3️⃣ DEMYSTIFYING THE MACHINE: THINK PHYSICS, NOT MAGIC
All RRT modalities rely on three mechanisms:
1. Diffusion (Dialysis)
Solutes move high → low concentration
Removes small molecules (urea, K⁺)
“Trash removal”
2. Convection (Hemofiltration)
Solutes dragged with water
Better for middle molecules/inflammatory mediators
3. Ultrafiltration
Removes plasma water
Pure volume control
Ask yourself: How much trash? How fast? How gently?

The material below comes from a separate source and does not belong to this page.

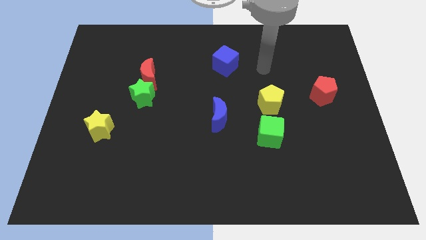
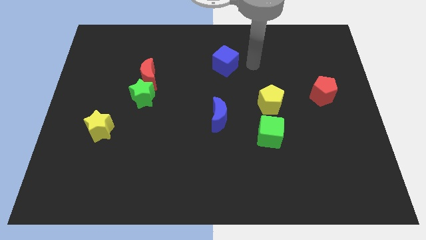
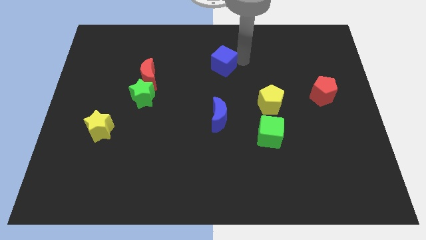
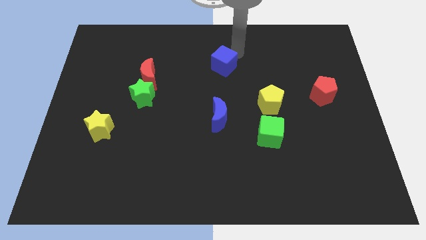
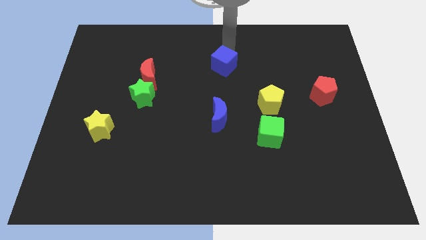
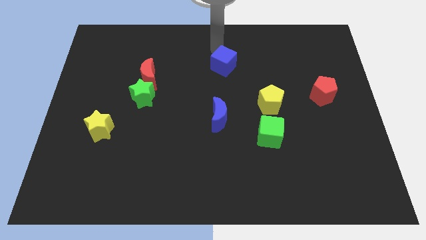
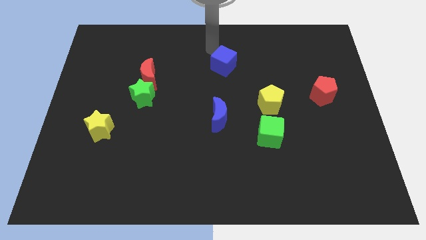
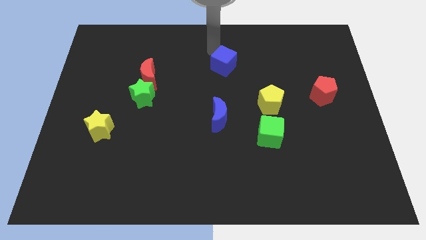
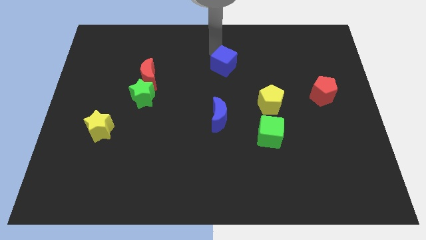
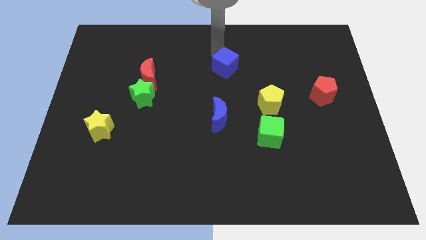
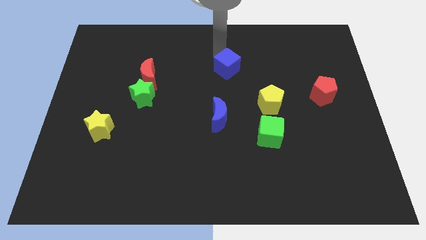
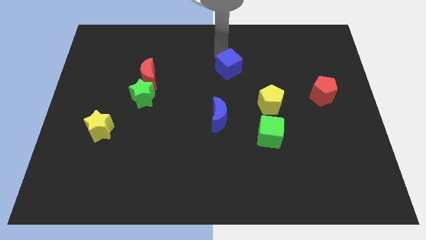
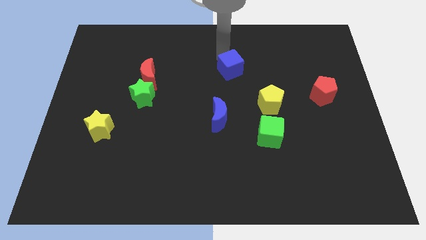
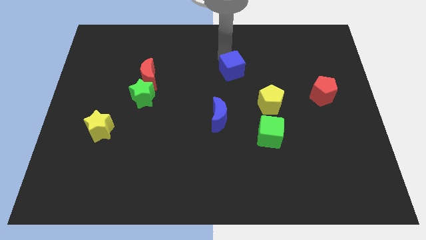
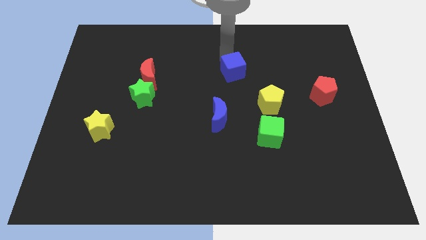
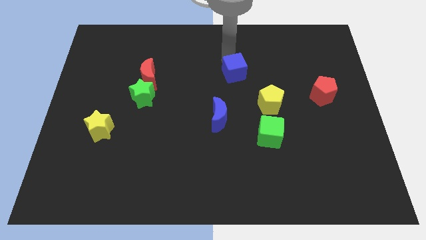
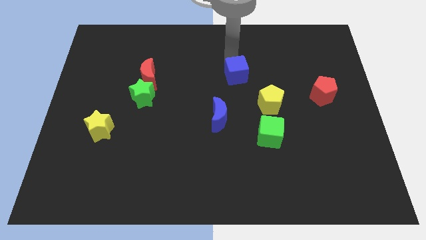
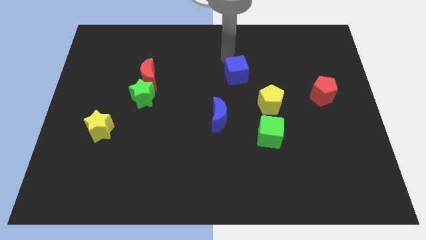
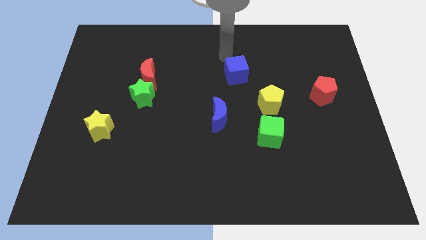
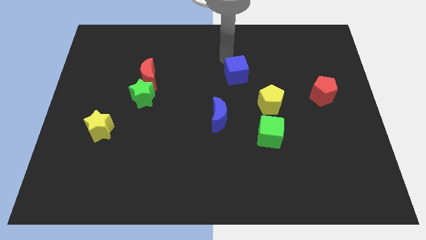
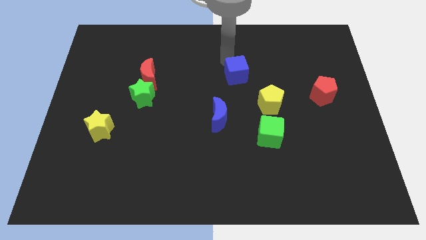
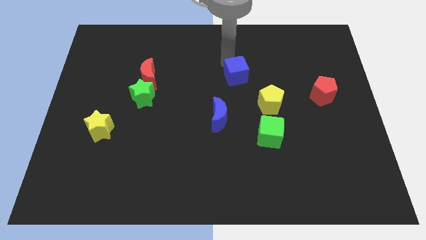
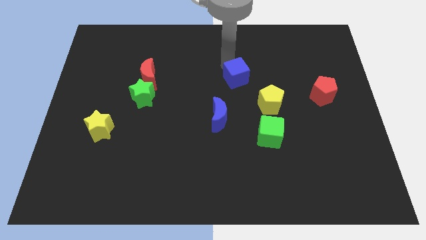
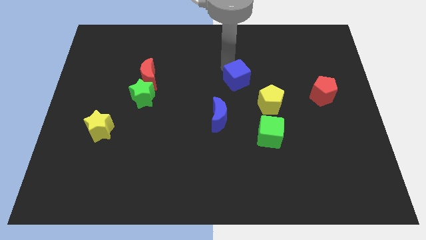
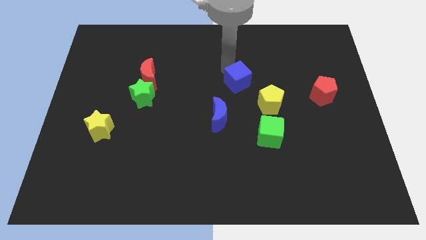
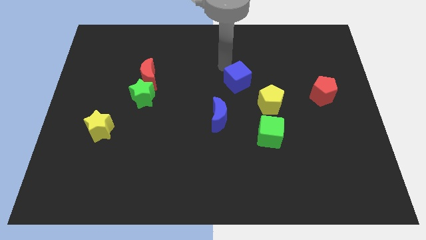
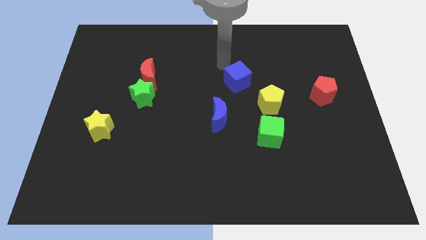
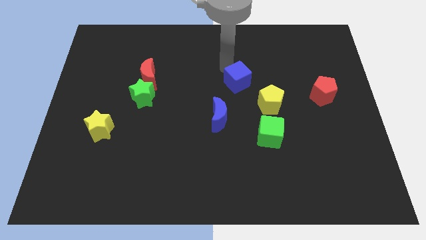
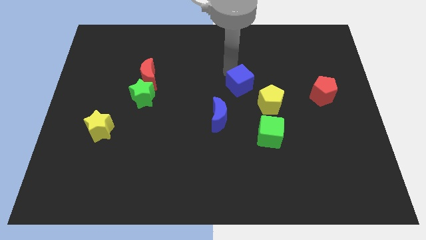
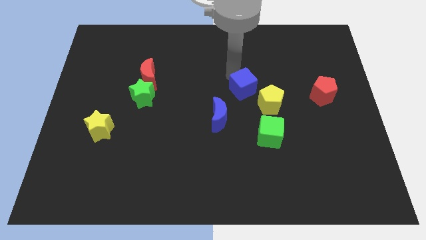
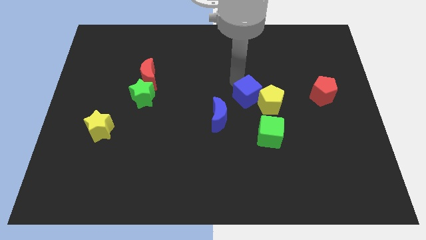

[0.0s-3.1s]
slide the blue cube to the yellow pentagon

4️⃣ CHOOSING A MODALITY: MATCH IT TO PHYSIOLOGY
Modality | Best For | Watch Outs |
IHD | Stable pts, rapid clearance | Hypotension, osmotic shifts |
CRRT (CVVHDF) | Shock, pressors, neuro pts, severe overload | Filter clotting, downtime |
SLED / PIRRT | Moderately unstable, resource-limited settings | Intermediate clearance |
Pearl: If you’re escalating pressors just to tolerate IHD, CRRT is the exit ramp.
5️⃣ DAY ZERO ORDERS: BUILDING THE “EXTERNAL KIDNEY”
Think of RRT orders as constructing temporary organ support.
Core ICU RRT Order Template
1. Modality“Start CRRT (CVVHDF)” / “Start IHD”
2. Indication“Refractory hyperkalemia + volume overload in septic shock”
3. Access
13–15 Fr double-lumen catheter
Right IJ preferred--you want your catheter to be as straight as possible and as close to the heart as possible
Avoid subclavian
Lock per protocol
4. CRRT Prescription
Effluent dose: 20–25 mL/kg/hr
Blood flow (Qb): 150–200 mL/min
5. Ultrafiltration Goal
Net even / Net –1 L / Aggressive –3 L if tolerated
Hospital net > machine net
6. Anticoagulation
None / Citrate / Heparin
7. Dialysate Bath
K⁺ >6 → 2K bath
Normal K → 3–4K bath
Bicarb ~32
8. Labs
BMP q6–12h
Mg/Phos daily
Ionized Ca if citrate
6️⃣ WHAT TO LOOK FOR ON ROUNDS (THE REAL MASTERY)
Daily RRT Checklist
Hemodynamics + pressor trends
Net balance vs oxygenation
Electrolytes + acid–base
Filter pressures + downtime
Access alarms
Mental status (uremia vs osmotic shifts)
The Net Trap
Machine –2 L
IV meds +3 L= Patient is still +1 L
7️⃣ TROUBLESHOOTING PATTERNS (STAY CALM)
Frequent filter clots: access issues, low anticoagulation, UF/Qb mismatch
Rising TMP: thick blood, impending clot
Citrate gap: total Ca : iCa >2.5 → possible citrate accumulation

8️⃣ SPECIAL ICU SITUATIONS
Neuro patients
Prefer CRRT/SLED
Avoid rapid osmotic shifts
ARDS + overload
Volume control becomes the primary indication
Rhabdomyolysis
Minimize downtime (myoglobin clearance)
Nutrition
RRT removes amino acids → protein 2–2.5 g/kg/day
🎯 FINAL PEARL
You don’t need to master dialysis. You need to master:
Recognizing when kidney failure harms vital organs
Choosing the right modality
Writing safe initial orders
Reassessing daily
That’s ICU competence. That’s confidence.